Prompts are written overwhelmingly in English (67.5%), but the long tail is genuinely global: Russian (4.6%), Spanish (4.5%), Portuguese (3.6%), French (2.7%), and German (2%) are all meaningfully represented, along with Indonesian, Italian, and Chinese.
![]() |
|---|
| Proportion of videos by prompt language. English dominates, but Sora is used across a wide range of languages worldwide. |
Interestingly, 20% of users have generated prompts in more than one language, suggesting a layer of multilingual or internationally mobile users.
The user distribution is also heavily skewed: 50% of users have generated 2 videos or fewer, and 90% have generated 7 or fewer. A small number of power users account for a disproportionate share of activity.
What Gets Made, and Does Anyone Watch It?

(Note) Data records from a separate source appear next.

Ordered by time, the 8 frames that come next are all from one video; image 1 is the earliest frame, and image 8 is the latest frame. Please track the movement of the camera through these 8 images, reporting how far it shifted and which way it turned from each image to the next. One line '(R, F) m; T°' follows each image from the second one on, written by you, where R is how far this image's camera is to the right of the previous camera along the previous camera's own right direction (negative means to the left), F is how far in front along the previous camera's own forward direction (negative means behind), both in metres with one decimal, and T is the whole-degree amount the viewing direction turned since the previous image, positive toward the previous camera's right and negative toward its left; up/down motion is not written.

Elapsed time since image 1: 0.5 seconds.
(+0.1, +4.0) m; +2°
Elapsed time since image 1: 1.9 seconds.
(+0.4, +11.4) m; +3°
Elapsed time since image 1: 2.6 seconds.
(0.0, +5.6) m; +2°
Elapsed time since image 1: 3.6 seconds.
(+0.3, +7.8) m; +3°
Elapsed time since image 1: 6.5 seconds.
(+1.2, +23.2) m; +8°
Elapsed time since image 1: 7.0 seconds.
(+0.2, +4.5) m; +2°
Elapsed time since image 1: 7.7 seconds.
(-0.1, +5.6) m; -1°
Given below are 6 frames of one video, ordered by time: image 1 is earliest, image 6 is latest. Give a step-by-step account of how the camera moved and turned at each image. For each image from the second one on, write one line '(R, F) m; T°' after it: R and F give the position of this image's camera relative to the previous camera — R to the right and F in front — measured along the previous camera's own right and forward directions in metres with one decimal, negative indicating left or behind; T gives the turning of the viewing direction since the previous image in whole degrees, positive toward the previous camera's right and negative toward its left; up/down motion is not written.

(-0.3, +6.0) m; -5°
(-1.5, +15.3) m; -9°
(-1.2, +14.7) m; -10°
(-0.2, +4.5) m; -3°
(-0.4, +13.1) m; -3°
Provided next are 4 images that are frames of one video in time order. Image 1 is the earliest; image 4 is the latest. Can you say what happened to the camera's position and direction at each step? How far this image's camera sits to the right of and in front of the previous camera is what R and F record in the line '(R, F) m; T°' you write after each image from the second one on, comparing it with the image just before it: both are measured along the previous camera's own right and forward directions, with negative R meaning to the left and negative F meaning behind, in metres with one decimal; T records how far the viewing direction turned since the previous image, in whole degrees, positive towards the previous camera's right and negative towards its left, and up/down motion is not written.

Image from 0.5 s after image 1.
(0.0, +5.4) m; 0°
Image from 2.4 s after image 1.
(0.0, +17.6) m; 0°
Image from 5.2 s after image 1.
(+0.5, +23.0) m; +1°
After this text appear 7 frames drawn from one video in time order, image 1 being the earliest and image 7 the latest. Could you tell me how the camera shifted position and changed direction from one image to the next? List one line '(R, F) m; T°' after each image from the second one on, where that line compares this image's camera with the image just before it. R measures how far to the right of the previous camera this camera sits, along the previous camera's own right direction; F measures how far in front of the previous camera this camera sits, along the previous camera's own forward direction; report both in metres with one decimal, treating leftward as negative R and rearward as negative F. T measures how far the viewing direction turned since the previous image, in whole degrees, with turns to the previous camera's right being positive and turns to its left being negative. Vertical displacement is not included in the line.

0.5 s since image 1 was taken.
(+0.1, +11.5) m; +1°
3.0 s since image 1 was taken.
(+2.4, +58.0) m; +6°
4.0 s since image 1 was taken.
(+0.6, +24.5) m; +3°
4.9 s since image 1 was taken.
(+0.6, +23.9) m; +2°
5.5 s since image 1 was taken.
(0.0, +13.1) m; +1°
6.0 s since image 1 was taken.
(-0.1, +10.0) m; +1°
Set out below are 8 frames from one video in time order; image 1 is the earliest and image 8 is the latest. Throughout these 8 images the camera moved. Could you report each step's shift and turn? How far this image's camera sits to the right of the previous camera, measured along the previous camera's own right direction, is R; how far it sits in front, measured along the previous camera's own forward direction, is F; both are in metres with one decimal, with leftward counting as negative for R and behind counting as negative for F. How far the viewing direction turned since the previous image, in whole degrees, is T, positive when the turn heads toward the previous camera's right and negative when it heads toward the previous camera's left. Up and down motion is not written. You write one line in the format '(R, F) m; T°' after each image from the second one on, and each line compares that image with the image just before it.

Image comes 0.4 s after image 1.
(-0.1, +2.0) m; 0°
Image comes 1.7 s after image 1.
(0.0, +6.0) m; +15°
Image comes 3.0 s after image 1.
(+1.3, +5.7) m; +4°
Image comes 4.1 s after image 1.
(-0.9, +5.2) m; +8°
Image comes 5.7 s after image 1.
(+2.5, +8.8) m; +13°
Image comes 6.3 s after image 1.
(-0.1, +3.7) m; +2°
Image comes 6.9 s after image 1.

The content itself is notably uniform in format:
- 71% of videos are in portrait orientation
- 80% are in 480p resolution, the default quality
- 75% last 5 seconds; 20% last 10 seconds
Moreover, Only 0.79% of videos receive at least one like within 7 days. The most-liked video in our dataset has 2,000 likes. For the vast majority of generated content, there is no visible audience at all.
![]() |
|---|
| Distribution of total videos generated per user. The distribution is heavily right-skewed: most users generate very few videos. |
This is the sharpest version of the “slop” question. If 99% of generated videos are never liked, never meaningfully engaged with, and likely never watched by anyone other than their creator, what are they for? The honest answer is that we do not know. They may be downloaded and used privately, or shared on social medias. Or they may be used for communication on the internet.
What We Still Do Not Know
The public feed is only part of the picture. Sora’s API allows developers and businesses to generate videos programmatically, without any public visibility. This is almost certainly a significant source of additional volume, and arguably the more environmentally relevant one, since automated pipelines can generate at far higher rates than individual users.
We also have no visibility into what the videos are actually used for once they leave the platform. Understanding downstream use is essential for building realistic environmental impact models.
Why This Matters
A 5-second, 480p video does not feel like a large environmental action. But at 73,000 per day, the cumulative compute starts to add up, and that is before accounting for API usage, or for the trajectory of growth as the technology matures and adoption accelerates.
This study is one piece of a larger effort to make the environmental footprint of generative AI legible. The next steps involve modelling the actual energy cost per generation, estimating carbon emissions under different data centre scenarios, and building prospective models of what usage might look like in 2–5 years.
Takeaway
Every day, tens of thousands of AI videos are generated on Sora, short, low-resolution, rarely liked, and most probably unseen. Usage follows working hours, spans the globe, and is remarkably stable over time.
These numbers are modest by social media standards, but they represent the floor, not the ceiling, of a fast-moving technology. Understanding the scale of AI video generation is only the first step toward understanding its cost.